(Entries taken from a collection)
▬▬▬▬▬▬

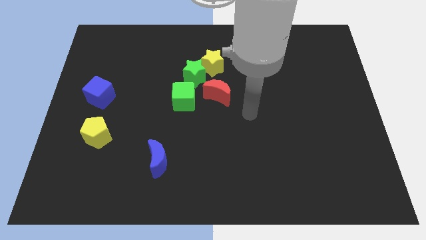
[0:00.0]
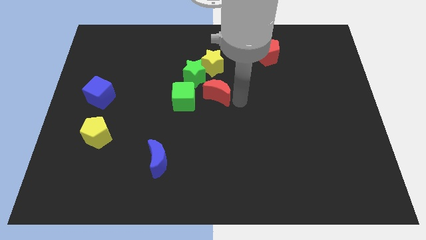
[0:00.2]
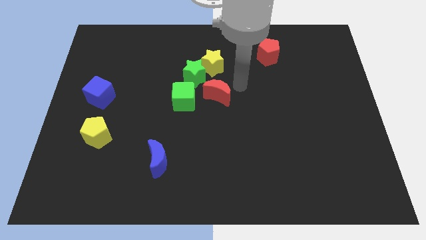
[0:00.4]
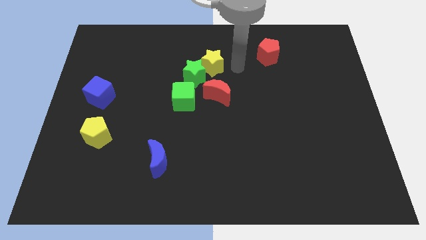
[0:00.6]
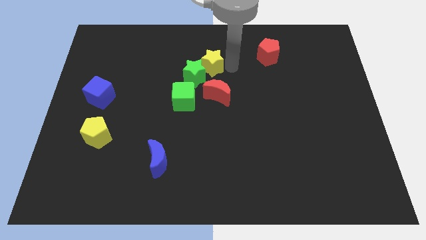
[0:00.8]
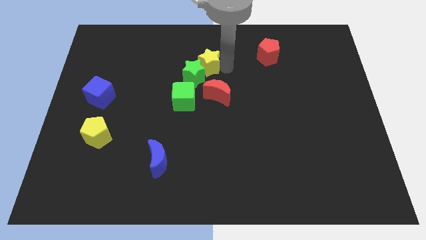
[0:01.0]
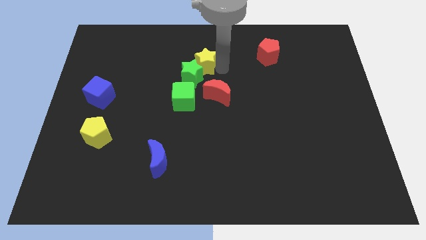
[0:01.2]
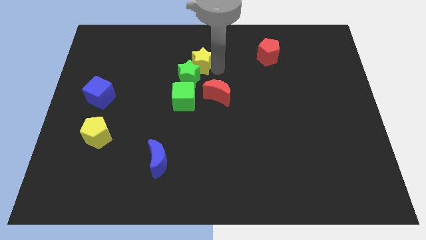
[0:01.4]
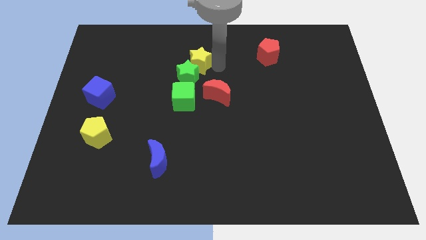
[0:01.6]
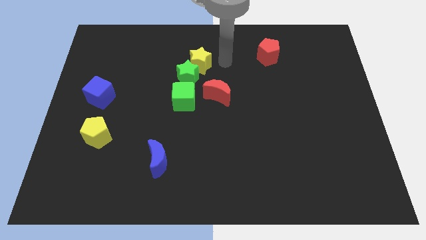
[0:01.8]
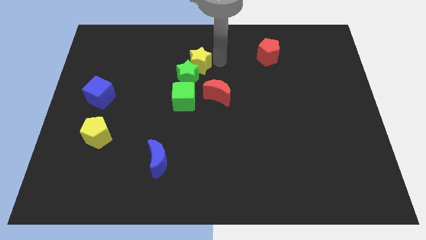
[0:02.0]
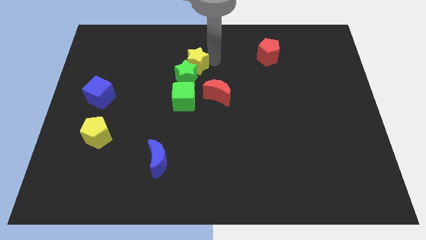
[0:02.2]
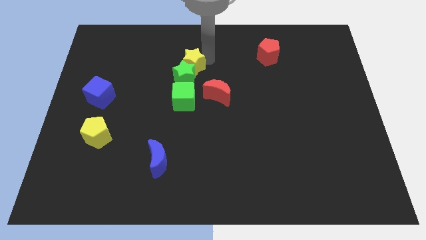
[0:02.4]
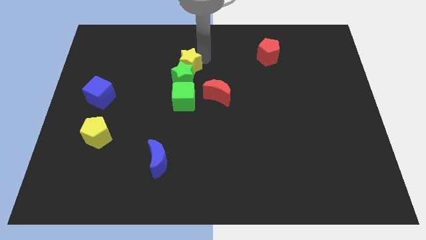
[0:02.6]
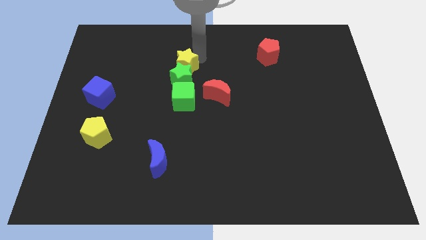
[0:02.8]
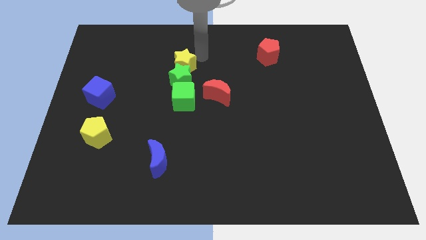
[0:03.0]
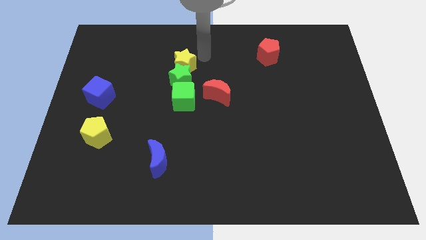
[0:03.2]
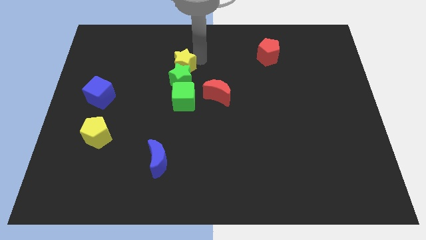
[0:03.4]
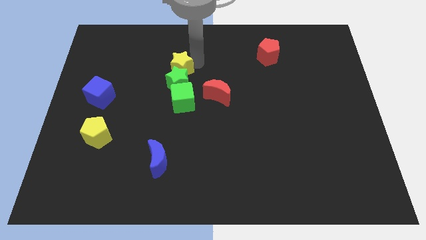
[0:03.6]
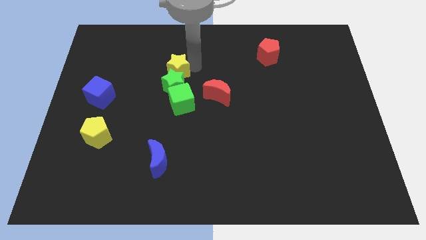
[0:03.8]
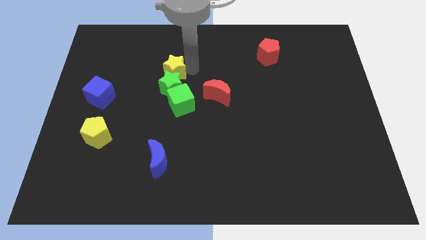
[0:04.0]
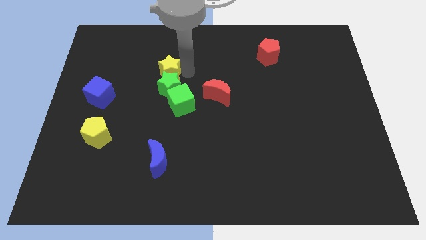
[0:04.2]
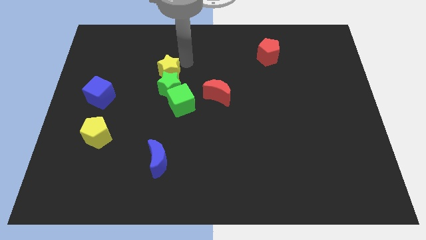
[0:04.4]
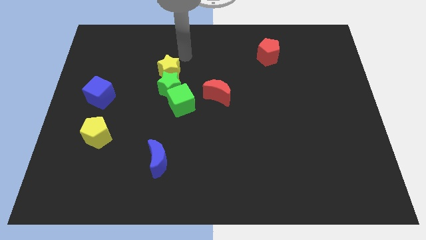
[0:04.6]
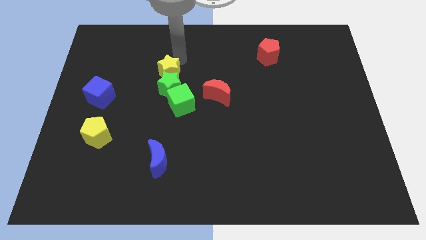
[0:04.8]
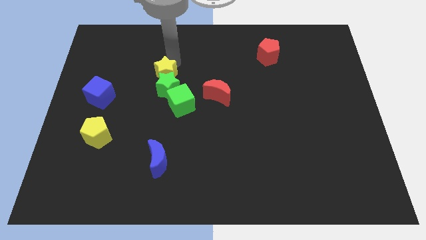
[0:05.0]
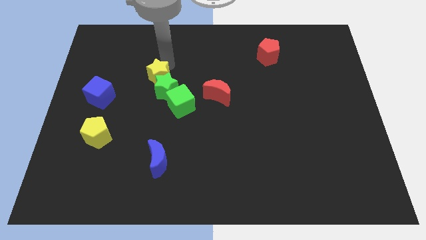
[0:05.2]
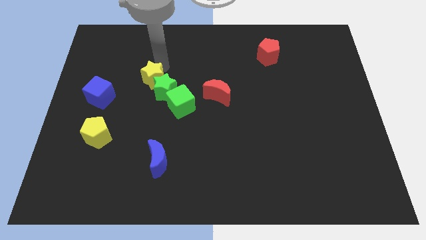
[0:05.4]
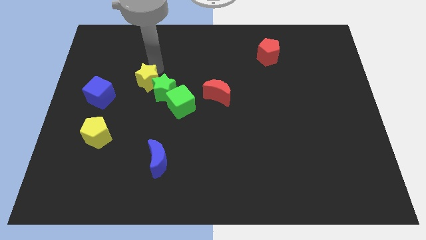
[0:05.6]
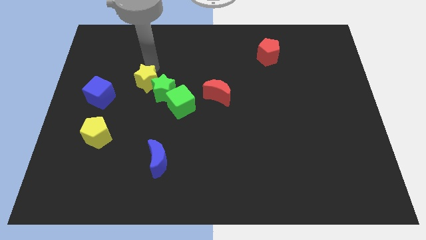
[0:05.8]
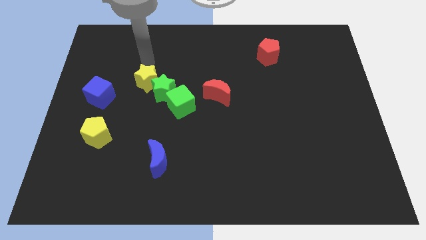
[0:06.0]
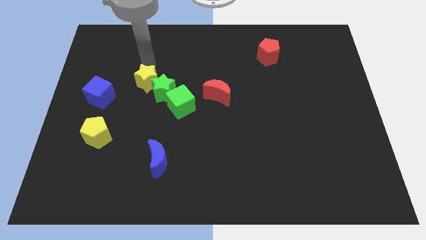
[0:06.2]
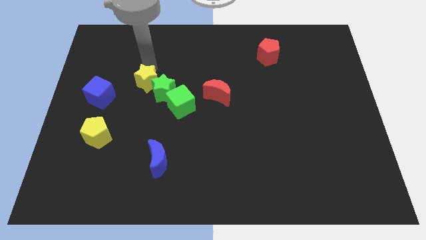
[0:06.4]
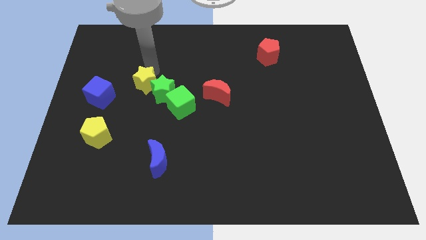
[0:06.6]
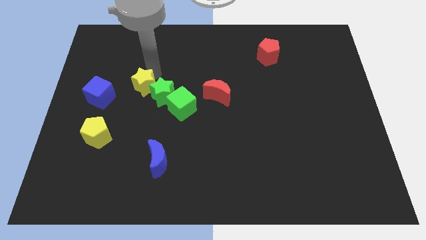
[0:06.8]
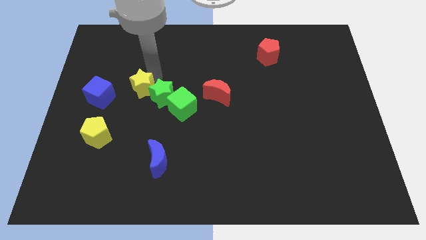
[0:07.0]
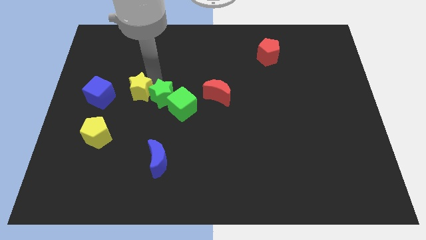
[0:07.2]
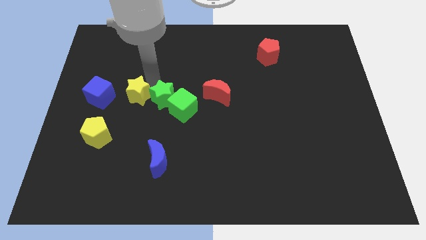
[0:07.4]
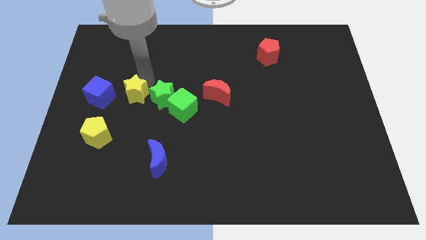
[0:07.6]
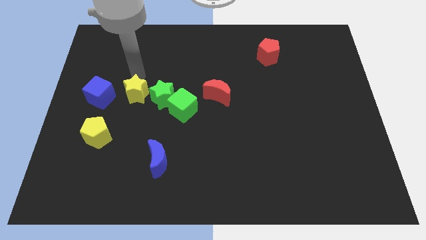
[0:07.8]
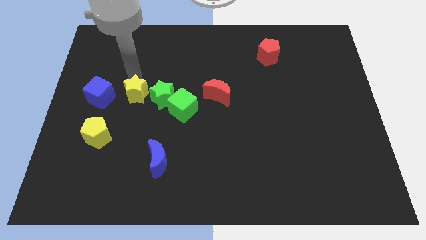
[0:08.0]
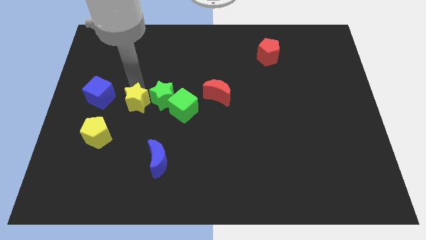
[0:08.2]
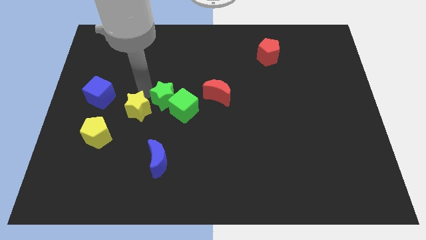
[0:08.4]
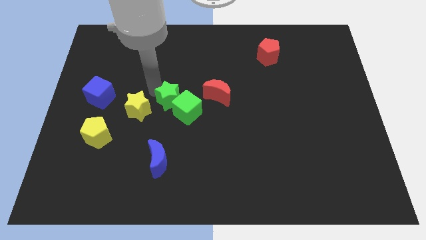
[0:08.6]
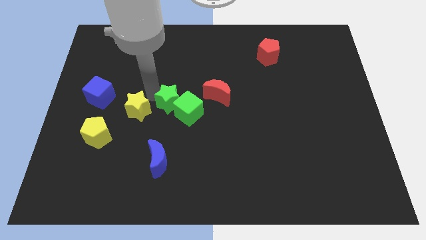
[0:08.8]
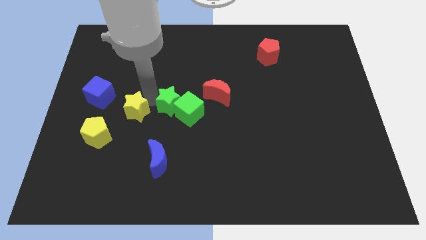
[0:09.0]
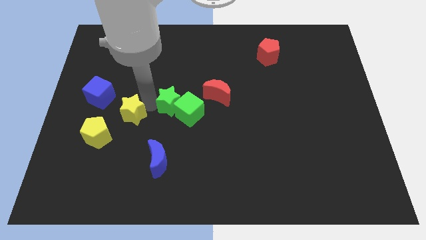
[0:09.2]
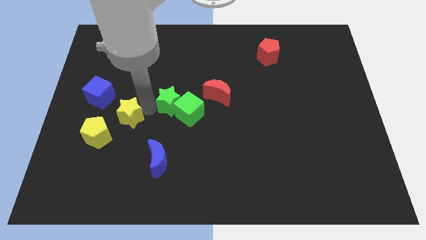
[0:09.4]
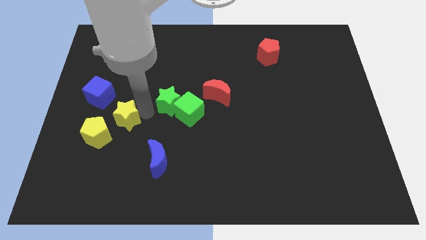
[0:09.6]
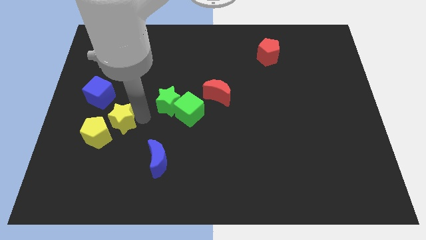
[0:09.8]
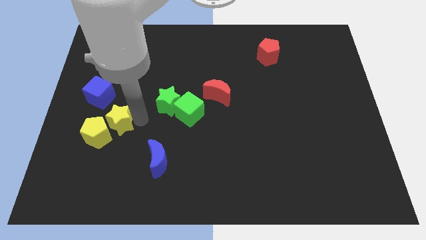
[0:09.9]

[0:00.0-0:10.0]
move the yellow star towards the yellow pentagon

▬▬▬▬▬▬

- _Task to complete_: Without copying any picture, write out the entries exactly.

- _Reply to the exercise_:
[0:00.0]
[0:00.2]
[0:00.4]
[0:00.6]
[0:00.8]
[0:01.0]
[0:01.2]
[0:01.4]
[0:01.6]
[0:01.8]
[0:02.0]
[0:02.2]
[0:02.4]
[0:02.6]
[0:02.8]
[0:03.0]
[0:03.2]
[0:03.4]
[0:03.6]
[0:03.8]
[0:04.0]
[0:04.2]
[0:04.4]
[0:04.6]
[0:04.8]
[0:05.0]
[0:05.2]
[0:05.4]
[0:05.6]
[0:05.8]
[0:06.0]
[0:06.2]
[0:06.4]
[0:06.6]
[0:06.8]
[0:07.0]
[0:07.2]
[0:07.4]
[0:07.6]
[0:07.8]
[0:08.0]
[0:08.2]
[0:08.4]
[0:08.6]
[0:08.8]
[0:09.0]
[0:09.2]
[0:09.4]
[0:09.6]
[0:09.8]
[0:09.9]

[0:00.0-0:10.0]
move the yellow star towards the yellow pentagon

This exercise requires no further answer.